Here’s the step-by-step game plan the Wall Street Bankers followed to steal money, homes and hope from the American middle class.
- 2B2F Banks assures Local Banks they will purchase any and every mortgage they can originate
- Local Banks make loans to people who clearly cannot pay
- Local Banks sell all mortgages to 2B2F Banks, make easy money on fees and take zero risk
- 2B2F Banks package all those loans up into pools (Mortgage Backed Securities) for sale to Pension Funds and commercial investors
- 2B2F Banks pay Rating Companies, (Fitch, S&P, Moody’s), to rate these MBS as AAA – in other words – every bit as secure as US Treasury Bonds
- Rating Companies intentionally avoid performing due diligence on MBS packages so that they can rate them AAA and thus get paid by the 2B2F Banks
- 2B2F Banks sell MBS to Pension Funds which – by charter – can only buy AAA-rated debt
- 2B2F Banks buy CDS’s on MBSs from Insurance Companies (AIG).
- When mortgages in MBS became overdue, 2B2F Banks ran to Uncle Sam, threatened the end of the world, and got Congress to buy the mortgages using taxpayer money
- 2B2F Banks foreclose on homes they don’t own. They don’t own the homes because they destroyed the original documents because those documents would prove the loans were fraudulent, the MBS were fraudulent and the CDS’s were essentially a guaranteed sure-fire bet.

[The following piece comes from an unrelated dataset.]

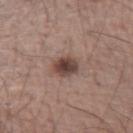body site — the arm | acquisition — ~15 mm crop, total-body skin-cancer survey | subject — male, in their mid-60s | size — ≈3 mm.

My question for you, dear readers, is this: Now that you know that Banks intentionally, willfully and deliberately set about defrauding you, and now that you know that the Federal Goverment was their willing accomplices, what are YOU going to do about it? Are you gonna bend over and take it, or are you going to resist?
As for me, my strategy is to starve them out.
KEY:
2B2F = Too Big To Fail – these are the banks, insurance companies and car companies that the government decided were too big to fail and thus “deserved” to be have their debts paid by the American middle class. Note that the bankers who are employed by these banks have taken somewhere in the neighborhood of $200 billion in bonuses since they got their bailout money. These include, but are not limited to: Fannie Mae, Freddie Mac, Goldman Sachs, JPMorgan-Chase, Morgan-Stanley, Wells Fargo, Bank of America, Citibank, GMAC Finance, GE Financial, Deutsche Bank, UBS, RBS, etcetera, etcetera.
MBS = Mortgage Backed Security – A commercial bond that is backed by a pool of mortgages. Compare this to a municipal bond that is backed by the citizens of a city, or a treasury bond that is backed by the government.
CDS = Credit Default Swap – An insurance policy on a financial instrument, in this case, Mortgage Backed Securities. If the MBS fails, then the holder of the CDS is paid off.
The reason AIG was considered 2B2F is because they had sold trillions of dollars worth of CDS’s to the 2B2Fs. When Lehman Brothers went bankrupt, they were obligated to pay the holders of CDS’s written against Lehman Brothers. Note that the 2B2Fs knew that the mortgages in the MBS were junk. They made money when they sold the MBS to the pension funds, they made money on the mortgages, they made money when the mortgages in the MBS went bad because of the CDS’s they bought, they got money for free from the government because they were 2B2F, they made money by foreclosing properties they did not own and then selling them, and they will likely make more money in other devious ways which are not yet public.